The complete lists of the values supported by astroquery.jplhorizons can be found here. Play with it and be creative! For example, can you plot the change of RA/DEC rate over time? And what about the change of predicted V magnitude?

Now let's come back to our main journey. How fast does the asteroid need to be in order to show up as a streak? Let's take anything longer than 5 full-width-half-maximum (FWHM) as a streak. We know the exposure time of ZTF is 30 seconds, and the typical FWHM is 2''. Therefore, the minimum rate of motion is not too difficult to calculate:

In [13]:

min_rate = 2*5/30

print('minimum rate of motion for a streak: {:.2f} arcsec/sec.'.format(min_rate))

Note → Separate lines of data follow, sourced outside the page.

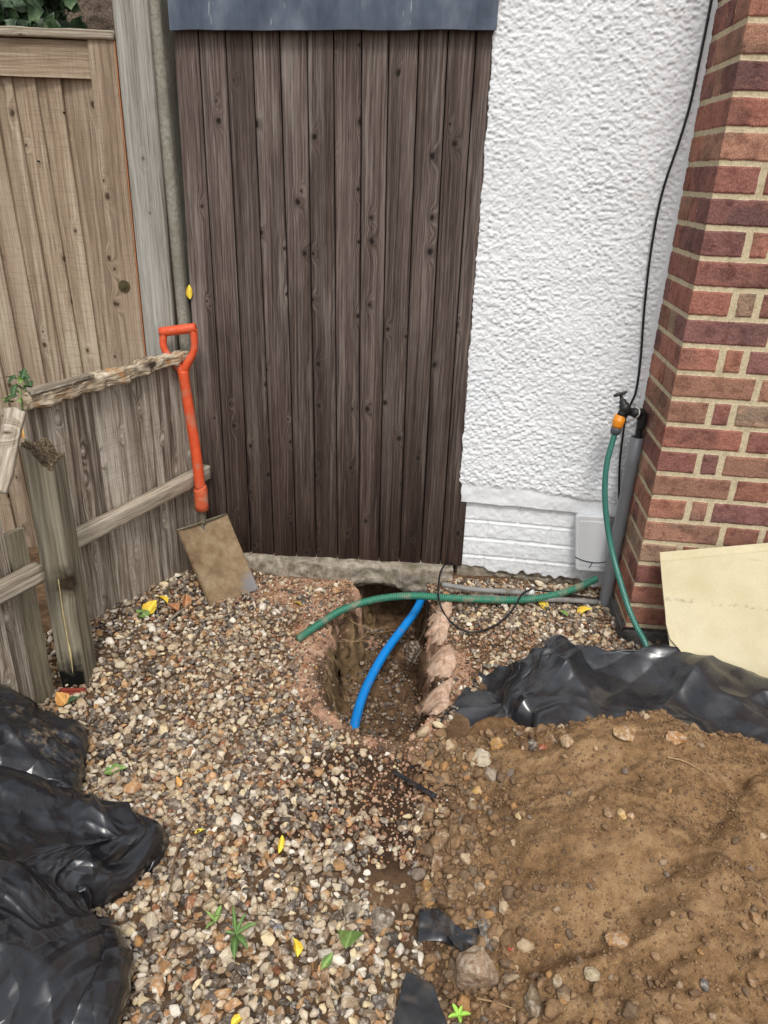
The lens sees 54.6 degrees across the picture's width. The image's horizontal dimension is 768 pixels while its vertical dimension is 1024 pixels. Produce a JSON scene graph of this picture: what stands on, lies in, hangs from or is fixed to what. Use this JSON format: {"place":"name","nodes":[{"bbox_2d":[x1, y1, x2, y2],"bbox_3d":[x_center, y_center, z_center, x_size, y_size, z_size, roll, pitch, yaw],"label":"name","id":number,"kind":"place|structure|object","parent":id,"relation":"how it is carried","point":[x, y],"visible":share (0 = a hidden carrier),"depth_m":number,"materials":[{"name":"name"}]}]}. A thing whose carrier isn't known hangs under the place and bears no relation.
{"place":"outdoors","nodes":[
{"label":"outdoors","id":0,"kind":"place"},
{"bbox_2d":[65,0,114,30],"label":"pebbledash wall","id":1,"kind":"structure","parent":0,"point":[96,14],"depth_m":2.58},
{"bbox_2d":[38,670,476,1023],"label":"gravel","id":2,"kind":"structure","parent":0,"point":[147,1010],"depth_m":1.59,"materials":[{"name":"gravel"}]},
{"bbox_2d":[0,684,87,791],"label":"rubble bag","id":3,"kind":"object","parent":2,"relation":"on","point":[50,747],"visible":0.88,"depth_m":1.73,"materials":[{"name":"plastic"}]},
{"bbox_2d":[61,696,77,706],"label":"fallen leaf","id":4,"kind":"object","parent":2,"relation":"on","point":[71,698],"visible":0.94,"depth_m":2.03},
{"bbox_2d":[55,692,70,705],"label":"fallen leaf","id":5,"kind":"object","parent":4,"relation":"on","point":[61,698],"visible":1,"depth_m":2.03,"materials":[{"name":"plant"}]},
{"bbox_2d":[58,688,86,694],"bbox_3d":[-0.874,0.511,2.089,0.075,0.038,0.020,-1,25,-7],"label":"terracotta shard","id":6,"kind":"object","parent":2,"relation":"on","point":[70,691],"visible":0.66,"depth_m":2.08,"materials":[{"name":"ceramic"}]},
{"bbox_2d":[0,765,168,1023],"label":"rubble bag","id":7,"kind":"object","parent":2,"relation":"on","point":[70,858],"visible":1,"depth_m":1.36,"materials":[{"name":"plastic"}]},
{"bbox_2d":[104,763,126,774],"bbox_3d":[-0.656,0.628,1.815,0.053,0.013,0.036,-11,37,-15],"label":"fallen leaf","id":8,"kind":"object","parent":2,"relation":"on","point":[108,769],"visible":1,"depth_m":1.82,"materials":[{"name":"plant"}]},
{"bbox_2d":[163,821,193,912],"bbox_3d":[-0.436,0.741,1.562,0.021,0.012,0.224,2,24,0],"label":"twig","id":9,"kind":"object","parent":2,"relation":"on","point":[188,829],"visible":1,"depth_m":1.57,"materials":[{"name":"wood"}]},
{"bbox_2d":[176,776,182,785],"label":"fallen leaf","id":10,"kind":"object","parent":2,"relation":"on","point":[178,779],"visible":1,"depth_m":1.79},
{"bbox_2d":[206,905,221,927],"bbox_3d":[-0.332,0.789,1.451,0.032,0.018,0.049,-4,25,-13],"label":"weed","id":11,"kind":"object","parent":2,"relation":"on","point":[218,913],"visible":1,"depth_m":1.45,"materials":[{"name":"green plant"}]},
{"bbox_2d":[231,1013,242,1023],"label":"fallen leaf","id":12,"kind":"object","parent":2,"relation":"on","point":[236,1019],"visible":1,"depth_m":1.29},
{"bbox_2d":[320,953,332,969],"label":"fallen leaf","id":13,"kind":"object","parent":2,"relation":"on","point":[327,960],"visible":1,"depth_m":1.38,"materials":[{"name":"plant"}]},
{"bbox_2d":[327,972,340,996],"bbox_3d":[-0.093,0.856,1.345,0.012,0.006,0.048,-12,28,-29],"label":"twig","id":14,"kind":"object","parent":2,"relation":"on","point":[335,985],"visible":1,"depth_m":1.34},
{"bbox_2d":[337,930,362,947],"bbox_3d":[-0.068,0.815,1.423,0.052,0.008,0.047,1,10,12],"label":"fallen leaf","id":15,"kind":"object","parent":2,"relation":"on","point":[348,938],"visible":1,"depth_m":1.43,"materials":[{"name":"plant"}]},
{"bbox_2d":[392,970,446,1023],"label":"plastic scrap","id":16,"kind":"object","parent":2,"relation":"on","point":[418,1002],"visible":1,"depth_m":1.32,"materials":[{"name":"plastic"}]},
{"bbox_2d":[28,547,640,1023],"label":"ground","id":17,"kind":"structure","parent":0,"point":[340,659],"depth_m":2.08,"materials":[{"name":"gravel"}]},
{"bbox_2d":[0,520,54,705],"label":"fence panel","id":18,"kind":"object","parent":17,"relation":"on","point":[25,669],"visible":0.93,"depth_m":1.89,"materials":[{"name":"brown wood"}]},
{"bbox_2d":[0,407,26,494],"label":"broken slat","id":19,"kind":"object","parent":18,"relation":"on","point":[13,419],"visible":1,"depth_m":1.70,"materials":[{"name":"beige wood"}]},
{"bbox_2d":[20,437,95,688],"bbox_3d":[-0.866,0.186,2.015,0.075,0.810,0.088,2,24,0],"label":"rotted fence post","id":20,"kind":"object","parent":17,"relation":"on","point":[45,468],"visible":0.92,"depth_m":1.95,"materials":[{"name":"brown wood"}]},
{"bbox_2d":[58,579,72,671],"bbox_3d":[-0.864,0.314,2.021,0.007,0.299,0.008,2,24,0],"label":"dry straw","id":21,"kind":"object","parent":20,"relation":"hanging from","point":[70,651],"visible":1,"depth_m":2.03,"materials":[{"name":"plant"}]},
{"bbox_2d":[0,26,146,547],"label":"fence panel","id":22,"kind":"object","parent":17,"relation":"on","point":[70,301],"visible":0.77,"depth_m":2.31,"materials":[{"name":"beige wood"}]},
{"bbox_2d":[0,0,86,28],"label":"ivy","id":23,"kind":"object","parent":22,"relation":"hanging from","point":[39,13],"visible":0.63,"depth_m":2.19,"materials":[{"name":"green plant"}]},
{"bbox_2d":[21,349,210,622],"bbox_3d":[-0.794,-0.040,2.383,0.073,0.881,0.694,14,27,24],"label":"fence panel","id":24,"kind":"object","parent":17,"relation":"on","point":[118,436],"visible":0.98,"depth_m":2.33,"materials":[{"name":"brown wood"}]},
{"bbox_2d":[2,368,32,440],"bbox_3d":[-0.999,-0.087,2.119,0.083,0.652,0.180,-10,27,-25],"label":"leafy weed","id":25,"kind":"object","parent":24,"relation":"attached to","point":[24,377],"visible":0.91,"depth_m":1.99,"materials":[{"name":"green plant"}]},
{"bbox_2d":[134,935,144,947],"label":"stone","id":26,"kind":"object","parent":17,"relation":"on","point":[138,940],"visible":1,"depth_m":1.42,"materials":[{"name":"stone"}]},
{"bbox_2d":[112,0,179,356],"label":"timber post","id":27,"kind":"object","parent":17,"relation":"on","point":[133,36],"visible":0.55,"depth_m":2.22,"materials":[{"name":"grey wood"}]},
{"bbox_2d":[149,0,206,518],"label":"concrete post","id":28,"kind":"object","parent":17,"relation":"on","point":[165,67],"visible":0.56,"depth_m":2.24,"materials":[{"name":"concrete"}]},
{"bbox_2d":[182,594,191,608],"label":"fallen leaf","id":29,"kind":"object","parent":17,"relation":"on","point":[186,599],"visible":0.99,"depth_m":2.50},
{"bbox_2d":[185,915,217,922],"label":"twig","id":30,"kind":"object","parent":17,"relation":"on","point":[199,921],"visible":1,"depth_m":1.45,"materials":[{"name":"wood"}]},
{"bbox_2d":[225,905,256,957],"bbox_3d":[-0.277,0.800,1.414,0.058,0.035,0.088,8,25,12],"label":"weed","id":31,"kind":"object","parent":17,"relation":"on","point":[237,940],"visible":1,"depth_m":1.42,"materials":[{"name":"green plant"}]},
{"bbox_2d":[272,924,284,930],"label":"stone","id":32,"kind":"object","parent":17,"relation":"on","point":[278,926],"visible":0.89,"depth_m":1.46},
{"bbox_2d":[278,835,284,852],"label":"fallen leaf","id":33,"kind":"object","parent":17,"relation":"on","point":[281,843],"visible":1,"depth_m":1.62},
{"bbox_2d":[293,938,302,956],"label":"fallen leaf","id":34,"kind":"object","parent":17,"relation":"on","point":[298,947],"visible":1,"depth_m":1.41,"materials":[{"name":"plant"}]},
{"bbox_2d":[244,550,452,592],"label":"concrete sill","id":35,"kind":"structure","parent":17,"relation":"on","point":[407,576],"depth_m":2.76,"materials":[{"name":"concrete"}]},
{"bbox_2d":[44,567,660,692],"bbox_3d":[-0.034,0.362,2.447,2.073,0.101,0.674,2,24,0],"label":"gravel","id":36,"kind":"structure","parent":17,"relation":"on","point":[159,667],"depth_m":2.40,"materials":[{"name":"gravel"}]},
{"bbox_2d":[136,610,149,617],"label":"fallen leaf","id":37,"kind":"object","parent":36,"relation":"on","point":[145,613],"visible":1,"depth_m":2.39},
{"bbox_2d":[142,600,156,613],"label":"fallen leaf","id":38,"kind":"object","parent":36,"relation":"on","point":[150,606],"visible":0.88,"depth_m":2.42,"materials":[{"name":"plant"}]},
{"bbox_2d":[156,596,168,602],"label":"fallen leaf","id":39,"kind":"object","parent":36,"relation":"on","point":[165,598],"visible":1,"depth_m":2.49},
{"bbox_2d":[167,603,179,610],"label":"fallen leaf","id":40,"kind":"object","parent":36,"relation":"on","point":[175,606],"visible":1,"depth_m":2.47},
{"bbox_2d":[167,603,189,622],"bbox_3d":[-0.676,0.329,2.452,0.014,0.012,0.145,9,25,16],"label":"wood splinter","id":41,"kind":"object","parent":36,"relation":"on","point":[174,615],"visible":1,"depth_m":2.43,"materials":[{"name":"beige wood"}]},
{"bbox_2d":[158,323,257,606],"bbox_3d":[-0.602,-0.156,2.484,0.196,0.911,0.298,-20,33,-40],"label":"shovel","id":42,"kind":"object","parent":36,"relation":"on","point":[217,558],"visible":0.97,"depth_m":2.56,"materials":[{"name":"metal"}]},
{"bbox_2d":[470,594,598,604],"bbox_3d":[0.527,0.307,2.605,0.449,0.021,0.026,2,24,0],"label":"conduit","id":43,"kind":"object","parent":36,"relation":"on","point":[576,600],"visible":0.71,"depth_m":2.60,"materials":[{"name":"plastic"}]},
{"bbox_2d":[539,602,548,609],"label":"fallen leaf","id":44,"kind":"object","parent":36,"relation":"on","point":[543,603],"visible":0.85,"depth_m":2.60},
{"bbox_2d":[577,606,591,614],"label":"fallen leaf","id":45,"kind":"object","parent":36,"relation":"on","point":[582,609],"visible":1,"depth_m":2.56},
{"bbox_2d":[343,902,361,922],"bbox_3d":[-0.062,0.809,1.492,0.039,0.028,0.045,2,24,0],"label":"stone","id":46,"kind":"object","parent":17,"relation":"on","point":[351,907],"visible":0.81,"depth_m":1.49,"materials":[{"name":"stone"}]},
{"bbox_2d":[332,625,418,741],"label":"pit stones","id":47,"kind":"object","parent":17,"relation":"on","point":[375,699],"visible":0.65,"depth_m":2.53,"materials":[{"name":"gravel"}]},
{"bbox_2d":[300,602,457,761],"bbox_3d":[-0.001,0.464,2.259,0.491,0.103,0.821,2,24,0],"label":"pit edge","id":48,"kind":"object","parent":17,"relation":"on","point":[358,728],"visible":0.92,"depth_m":2.09,"materials":[{"name":"soil"}]},
{"bbox_2d":[369,906,395,933],"bbox_3d":[-0.003,0.812,1.478,0.053,0.041,0.056,2,24,0],"label":"stone","id":49,"kind":"object","parent":17,"relation":"on","point":[382,917],"visible":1,"depth_m":1.47,"materials":[{"name":"stone"}]},
{"bbox_2d":[143,571,628,865],"bbox_3d":[0.097,0.626,2.241,1.367,0.329,1.284,2,24,0],"label":"grit","id":50,"kind":"object","parent":17,"relation":"on","point":[385,760],"visible":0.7,"depth_m":2.09,"materials":[{"name":"gravel"}]},
{"bbox_2d":[392,770,437,798],"bbox_3d":[0.074,0.655,1.796,0.135,0.007,0.016,21,31,36],"label":"plastic scrap","id":51,"kind":"object","parent":50,"relation":"on","point":[416,785],"visible":1,"depth_m":1.79,"materials":[{"name":"plastic"}]},
{"bbox_2d":[349,600,424,728],"bbox_3d":[0.022,0.480,2.541,0.080,0.109,0.948,9,25,15],"label":"blue water pipe","id":52,"kind":"object","parent":17,"relation":"on","point":[382,656],"visible":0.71,"depth_m":2.48,"materials":[{"name":"plastic"}]},
{"bbox_2d":[403,640,421,663],"bbox_3d":[0.094,0.464,2.484,0.064,0.064,0.068,2,24,0],"label":"stone","id":53,"kind":"object","parent":17,"relation":"on","point":[412,650],"visible":1,"depth_m":2.46,"materials":[{"name":"stone"}]},
{"bbox_2d":[420,678,452,715],"bbox_3d":[0.143,0.540,2.109,0.087,0.095,0.203,6,25,8],"label":"geotextile membrane","id":54,"kind":"object","parent":17,"relation":"on","point":[436,694],"visible":0.99,"depth_m":2.10,"materials":[{"name":"fabric"}]},
{"bbox_2d":[424,601,451,645],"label":"clay clods","id":55,"kind":"object","parent":17,"relation":"on","point":[439,627],"visible":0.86,"depth_m":2.44,"materials":[{"name":"soil"}]},
{"bbox_2d":[425,644,456,682],"bbox_3d":[0.173,0.463,2.266,0.093,0.072,0.175,2,24,0],"label":"geotextile membrane","id":56,"kind":"object","parent":17,"relation":"on","point":[445,661],"visible":1,"depth_m":2.24,"materials":[{"name":"fabric"}]},
{"bbox_2d":[295,575,598,641],"bbox_3d":[0.221,0.292,2.545,1.091,0.080,0.152,-6,26,-17],"label":"ribbed hose","id":57,"kind":"object","parent":17,"relation":"on","point":[317,625],"visible":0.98,"depth_m":2.56,"materials":[{"name":"rubber"}]},
{"bbox_2d":[448,928,479,951],"bbox_3d":[0.174,0.826,1.408,0.090,0.025,0.067,-4,25,-13],"label":"plastic scrap","id":58,"kind":"object","parent":17,"relation":"on","point":[464,940],"visible":0.51,"depth_m":1.42,"materials":[{"name":"plastic"}]},
{"bbox_2d":[441,582,534,595],"bbox_3d":[0.366,0.273,2.617,0.330,0.030,0.027,4,25,3],"label":"conduit","id":59,"kind":"object","parent":17,"relation":"on","point":[481,589],"visible":0.92,"depth_m":2.61,"materials":[{"name":"plastic"}]},
{"bbox_2d":[437,562,598,632],"bbox_3d":[0.456,0.312,2.529,0.588,0.070,0.375,9,25,14],"label":"black cable","id":60,"kind":"object","parent":17,"relation":"on","point":[490,627],"visible":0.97,"depth_m":2.52,"materials":[{"name":"rubber"}]},
{"bbox_2d":[558,610,567,615],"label":"fallen leaf","id":61,"kind":"object","parent":17,"relation":"on","point":[564,612],"visible":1,"depth_m":2.55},
{"bbox_2d":[454,0,718,586],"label":"white house wall","id":62,"kind":"structure","parent":17,"relation":"on","point":[588,102],"depth_m":2.26,"materials":[{"name":"paint"}]},
{"bbox_2d":[174,30,492,565],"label":"garden gate","id":63,"kind":"structure","parent":62,"relation":"attached to","point":[332,181],"depth_m":2.36,"materials":[{"name":"brown wood"}]},
{"bbox_2d":[186,285,191,298],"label":"fallen leaf","id":64,"kind":"object","parent":63,"relation":"attached to","point":[189,292],"visible":1,"depth_m":2.40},
{"bbox_2d":[167,0,498,30],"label":"lead flashing","id":65,"kind":"object","parent":63,"relation":"attached to","point":[319,15],"visible":1,"depth_m":2.04,"materials":[{"name":"metal"}]},
{"bbox_2d":[575,513,609,571],"bbox_3d":[0.734,0.105,2.626,0.144,0.216,0.058,5,25,7],"label":"junction box","id":66,"kind":"object","parent":62,"relation":"attached to","point":[591,549],"visible":0.75,"depth_m":2.60,"materials":[{"name":"white plastic"}]},
{"bbox_2d":[618,0,712,498],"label":"black cable","id":67,"kind":"object","parent":62,"relation":"attached to","point":[663,189],"visible":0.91,"depth_m":2.17,"materials":[{"name":"rubber"}]},
{"bbox_2d":[408,634,767,786],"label":"plastic sheet","id":68,"kind":"object","parent":17,"relation":"on","point":[556,679],"visible":0.58,"depth_m":2.10,"materials":[{"name":"plastic"}]},
{"bbox_2d":[660,543,767,677],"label":"cream board","id":69,"kind":"object","parent":68,"relation":"on","point":[715,600],"visible":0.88,"depth_m":2.20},
{"bbox_2d":[431,711,767,1023],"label":"soil heap","id":70,"kind":"object","parent":17,"relation":"on","point":[631,848],"visible":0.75,"depth_m":1.46,"materials":[{"name":"soil"}]},
{"bbox_2d":[421,879,434,907],"bbox_3d":[0.092,0.788,1.537,0.026,0.026,0.064,-1,25,-7],"label":"stone","id":71,"kind":"object","parent":70,"relation":"on","point":[426,885],"visible":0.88,"depth_m":1.54,"materials":[{"name":"stone"}]},
{"bbox_2d":[431,853,442,871],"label":"stone","id":72,"kind":"object","parent":70,"relation":"on","point":[437,860],"visible":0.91,"depth_m":1.60,"materials":[{"name":"stone"}]},
{"bbox_2d":[418,908,462,946],"bbox_3d":[0.120,0.805,1.446,0.111,0.023,0.075,2,24,0],"label":"plastic scrap","id":73,"kind":"object","parent":70,"relation":"on","point":[435,924],"visible":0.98,"depth_m":1.44,"materials":[{"name":"plastic"}]},
{"bbox_2d":[435,829,448,850],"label":"stone","id":74,"kind":"object","parent":70,"relation":"on","point":[442,835],"visible":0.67,"depth_m":1.64,"materials":[{"name":"stone"}]},
{"bbox_2d":[446,884,458,899],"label":"stone","id":75,"kind":"object","parent":70,"relation":"on","point":[452,890],"visible":1,"depth_m":1.50,"materials":[{"name":"stone"}]},
{"bbox_2d":[448,1003,470,1022],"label":"seedling","id":76,"kind":"object","parent":70,"relation":"on","point":[459,1012],"visible":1,"depth_m":1.29,"materials":[{"name":"green plant"}]},
{"bbox_2d":[454,945,498,991],"bbox_3d":[0.168,0.840,1.355,0.075,0.109,0.075,-12,28,-29],"label":"rock","id":77,"kind":"object","parent":70,"relation":"on","point":[475,967],"visible":0.93,"depth_m":1.33,"materials":[{"name":"stone"}]},
{"bbox_2d":[472,785,481,793],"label":"stone","id":78,"kind":"object","parent":70,"relation":"on","point":[476,790],"visible":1,"depth_m":1.75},
{"bbox_2d":[473,881,484,895],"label":"stone","id":79,"kind":"object","parent":70,"relation":"on","point":[479,885],"visible":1,"depth_m":1.49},
{"bbox_2d":[472,748,490,766],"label":"stone","id":80,"kind":"object","parent":70,"relation":"on","point":[482,756],"visible":0.95,"depth_m":1.81,"materials":[{"name":"stone"}]},
{"bbox_2d":[477,919,492,951],"bbox_3d":[0.197,0.805,1.424,0.034,0.028,0.074,2,24,0],"label":"stone","id":81,"kind":"object","parent":70,"relation":"on","point":[483,927],"visible":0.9,"depth_m":1.42,"materials":[{"name":"stone"}]},
{"bbox_2d":[484,767,496,782],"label":"stone","id":82,"kind":"object","parent":70,"relation":"on","point":[489,773],"visible":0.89,"depth_m":1.77,"materials":[{"name":"stone"}]},
{"bbox_2d":[477,997,511,1007],"bbox_3d":[0.191,0.848,1.286,0.062,0.018,0.005,12,26,20],"label":"root","id":83,"kind":"object","parent":70,"relation":"on","point":[482,999],"visible":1,"depth_m":1.29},
{"bbox_2d":[490,736,503,750],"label":"stone","id":84,"kind":"object","parent":70,"relation":"on","point":[495,743],"visible":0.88,"depth_m":1.85,"materials":[{"name":"stone"}]},
{"bbox_2d":[501,971,511,985],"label":"stone","id":85,"kind":"object","parent":70,"relation":"on","point":[505,974],"visible":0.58,"depth_m":1.35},
{"bbox_2d":[515,811,520,819],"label":"stone","id":86,"kind":"object","parent":70,"relation":"on","point":[517,815],"visible":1,"depth_m":1.61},
{"bbox_2d":[528,738,537,751],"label":"stone","id":87,"kind":"object","parent":70,"relation":"on","point":[533,743],"visible":1,"depth_m":1.82,"materials":[{"name":"stone"}]},
{"bbox_2d":[524,983,542,1019],"bbox_3d":[0.259,0.841,1.277,0.035,0.035,0.062,2,24,0],"label":"stone","id":88,"kind":"object","parent":70,"relation":"on","point":[533,1002],"visible":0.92,"depth_m":1.27,"materials":[{"name":"stone"}]},
{"bbox_2d":[539,744,546,749],"bbox_3d":[0.388,0.576,1.819,0.022,0.013,0.021,2,24,0],"label":"brick fragment","id":89,"kind":"object","parent":70,"relation":"on","point":[542,746],"visible":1,"depth_m":1.81,"materials":[{"name":"brick"}]},
{"bbox_2d":[544,733,555,743],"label":"stone","id":90,"kind":"object","parent":70,"relation":"on","point":[550,739],"visible":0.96,"depth_m":1.82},
{"bbox_2d":[552,974,561,987],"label":"stone","id":91,"kind":"object","parent":70,"relation":"on","point":[557,980],"visible":1,"depth_m":1.27,"materials":[{"name":"stone"}]},
{"bbox_2d":[557,992,567,1008],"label":"stone","id":92,"kind":"object","parent":70,"relation":"on","point":[563,995],"visible":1,"depth_m":1.25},
{"bbox_2d":[560,734,573,747],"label":"stone","id":93,"kind":"object","parent":70,"relation":"on","point":[566,740],"visible":1,"depth_m":1.75,"materials":[{"name":"stone"}]},
{"bbox_2d":[410,709,767,1023],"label":"soil clods","id":94,"kind":"object","parent":70,"relation":"on","point":[460,832],"visible":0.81,"depth_m":1.51,"materials":[{"name":"soil"}]},
{"bbox_2d":[584,966,600,981],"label":"stone","id":95,"kind":"object","parent":70,"relation":"on","point":[592,974],"visible":1,"depth_m":1.27,"materials":[{"name":"stone"}]},
{"bbox_2d":[604,807,612,817],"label":"stone","id":96,"kind":"object","parent":70,"relation":"on","point":[608,812],"visible":1,"depth_m":1.53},
{"bbox_2d":[605,929,630,948],"bbox_3d":[0.418,0.764,1.331,0.044,0.025,0.035,2,24,0],"label":"stone","id":97,"kind":"object","parent":70,"relation":"on","point":[621,939],"visible":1,"depth_m":1.32,"materials":[{"name":"stone"}]},
{"bbox_2d":[617,808,625,819],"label":"stone","id":98,"kind":"object","parent":70,"relation":"on","point":[621,814],"visible":1,"depth_m":1.52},
{"bbox_2d":[613,725,635,741],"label":"stone","id":99,"kind":"object","parent":70,"relation":"on","point":[624,732],"visible":1,"depth_m":1.73,"materials":[{"name":"stone"}]},
{"bbox_2d":[627,812,633,818],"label":"stone","id":100,"kind":"object","parent":70,"relation":"on","point":[630,815],"visible":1,"depth_m":1.51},
{"bbox_2d":[630,756,679,766],"bbox_3d":[0.612,0.564,1.681,0.108,0.033,0.007,2,24,0],"label":"twig","id":101,"kind":"object","parent":70,"relation":"on","point":[653,760],"visible":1,"depth_m":1.68,"materials":[{"name":"wood"}]},
{"bbox_2d":[665,731,686,744],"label":"stone","id":102,"kind":"object","parent":70,"relation":"on","point":[676,737],"visible":0.96,"depth_m":1.71,"materials":[{"name":"stone"}]},
{"bbox_2d":[667,756,703,771],"bbox_3d":[0.673,0.561,1.663,0.081,0.012,0.010,12,26,21],"label":"root","id":103,"kind":"object","parent":70,"relation":"on","point":[683,761],"visible":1,"depth_m":1.67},
{"bbox_2d":[700,978,708,991],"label":"stone","id":104,"kind":"object","parent":70,"relation":"on","point":[704,985],"visible":1,"depth_m":1.23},
{"bbox_2d":[746,972,755,987],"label":"stone","id":105,"kind":"object","parent":70,"relation":"on","point":[750,977],"visible":1,"depth_m":1.24,"materials":[{"name":"stone"}]},
{"bbox_2d":[749,909,761,924],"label":"stone","id":106,"kind":"object","parent":70,"relation":"on","point":[755,917],"visible":1,"depth_m":1.32,"materials":[{"name":"stone"}]},
{"bbox_2d":[599,435,642,606],"bbox_3d":[0.790,0.048,2.494,0.048,0.630,0.041,2,24,0],"label":"waste pipe","id":107,"kind":"object","parent":17,"relation":"on","point":[625,497],"visible":0.83,"depth_m":2.46,"materials":[{"name":"grey plastic"}]},
{"bbox_2d":[613,391,646,437],"bbox_3d":[0.764,-0.293,2.312,0.125,0.172,0.043,-5,26,-16],"label":"outdoor tap","id":108,"kind":"object","parent":107,"relation":"attached to","point":[626,410],"visible":1,"depth_m":2.29,"materials":[{"name":"black metal"}]},
{"bbox_2d":[602,414,648,646],"bbox_3d":[0.762,0.085,2.276,0.058,0.679,0.421,-5,25,-16],"label":"garden hose","id":109,"kind":"object","parent":108,"relation":"hanging from","point":[618,421],"visible":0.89,"depth_m":2.34,"materials":[{"name":"green plastic"}]},
{"bbox_2d":[608,0,767,644],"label":"brick pier","id":110,"kind":"structure","parent":17,"relation":"on","point":[701,481],"depth_m":2.06,"materials":[{"name":"brick"}]}
]}

minimum rate of motion for a streak: 0.33 arcsec/sec.

If the object will be a fast-mover at some point within the time window being queried, we will use IPAC's Moving Object Search Tool (MOST) to get a list of the images that the object is a fast-mover on them.

In [14]:

if max(rate) > min_rate:
    params = {'catalog': 'ztf', 'input_type': 'name_input', 'obj_name': '{}'.format(obj_name), \
              'obs_begin': '{}-{}-{}'.format(start_date[0:4], start_date[4:6], start_date[6:8]), \
              'obs_end': '{}-{}-{}'.format(end_date[0:4], end_date[4:6], end_date[6:8]), \
              'output_mode': 'Brief'}
    irsa_return = requests.get('https://irsa.ipac.caltech.edu/cgi-bin/MOST/nph-most', params=params)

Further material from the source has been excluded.